Investing.com - Natural gas futures rallied to the highest level in nearly four weeks during U.S. morning trade on Tuesday, as market players monitored renewed tropical storm activity in the Gulf of Mexico, amid concerns over a disruption to supplies from the region.
Traders also focused on updated weather forecasts to gauge the strength of late-summer cooling demand.
On the New York Mercantile Exchange, natural gas futures for delivery in October traded at USD2.865 per million British thermal units during U.S. morning trade, rallying 2.3%.
It earlier rose by as much as 3% to trade at a session high of USD2.885 per million British thermal units, which was the strongest level since August 10.
The U.S. National hurricane Center said earlier Tropical Storm Leslie could strengthen into a hurricane later in the week, as it headed toward Bermuda in the Atlantic Ocean.
The system packed maximum sustained winds of 65 miles per hour, below the minimum 74 mile per hour speed of a Category 1 hurricane.
Leslie is the 12th storm of the Atlantic hurricane season, which runs from June 1 to November 30.
Last week, Hurricane Isaac struck Louisiana with high winds and heavy rain, shutting almost 75% of natural gas output in the Gulf of Mexico.
Production in federal waters in the Gulf of Mexico account for about 7% of natural gas output and prices typically spike when storms threaten production.
Prices found further support after updated weather forecasts predicted some late-summer heat returning to key parts of the U.S. in the next five days, raising the prospect of increased gas demand in the near-term.
The National Weather Service's six- to 10-day outlook released Monday predicted for mostly normal temperatures across the Northeast and Midwest, and above-normal readings in parts of the West Coast.
Above-average summer temperatures increase the need for gas-fired electricity to cool homes, boosting demand for natural gas.
Despite the day’s gains, prices were expected to remain under pressure amid ongoing concerns over bloated U.S. inventory levels.
Total U.S. gas supplies stood at 3.374 trillion cubic feet, 14.6% above last year’s level and 12% above the five-year average level for the week.
Inventory didn't top the 3.3-trillion cubic feet level in 2011 until the end of September, with stocks peaking at a record 3.852 trillion cubic feet in November of last year.
Market analysts have warned that without strong demand through the rest of the summer cooling season, gas inventories will reach the limits of available capacity later this year.

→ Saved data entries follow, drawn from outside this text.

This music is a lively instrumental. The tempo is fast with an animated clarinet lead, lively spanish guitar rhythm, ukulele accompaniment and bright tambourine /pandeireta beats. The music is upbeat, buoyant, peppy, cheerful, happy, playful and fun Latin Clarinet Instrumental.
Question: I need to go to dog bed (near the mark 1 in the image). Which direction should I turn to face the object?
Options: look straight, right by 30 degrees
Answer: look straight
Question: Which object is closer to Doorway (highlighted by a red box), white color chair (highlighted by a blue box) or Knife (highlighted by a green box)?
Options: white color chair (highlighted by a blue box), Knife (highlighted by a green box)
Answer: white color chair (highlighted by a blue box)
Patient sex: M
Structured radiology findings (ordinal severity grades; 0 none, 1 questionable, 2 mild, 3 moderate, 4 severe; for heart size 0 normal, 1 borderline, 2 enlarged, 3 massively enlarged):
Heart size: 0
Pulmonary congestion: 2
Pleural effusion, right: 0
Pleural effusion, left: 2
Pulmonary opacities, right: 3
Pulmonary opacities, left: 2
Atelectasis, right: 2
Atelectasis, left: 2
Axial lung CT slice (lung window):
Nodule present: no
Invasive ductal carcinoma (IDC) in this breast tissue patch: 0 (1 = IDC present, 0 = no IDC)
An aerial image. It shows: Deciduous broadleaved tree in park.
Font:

The storage surplus to last year will have to be cut by at least another 150 billion cubic feet in the 13 weeks left before winter withdrawals begin to avoid breaching the government's 4.1 trillion cubic feet estimate of total capacity.
Early injection estimates for this week’s storage data range from 21 billion cubic feet to 57 billion cubic feet, compared to last year's build of 62 billion cubic feet. The five-year average change for the week is an increase of 60 billion cubic feet.
A bout of extreme heat across much of the U.S. over the past two months helped boost natural gas prices above the key USD3.00-level in recent weeks. Prices rallied to a 2012 high of USD3.275 per million British thermal units on July 31.
But futures have come under heavy selling pressure since the start of August, losing almost 14% after extended weather forecasts pointed to milder weather across most parts of the U.S.
Elsewhere on the NYMEX, light sweet crude oil futures for delivery in October dropped 1.1% to trade at USD95.39 a barrel, while heating oil for October delivery shed 0.15% to trade at USD3.174 per gallon.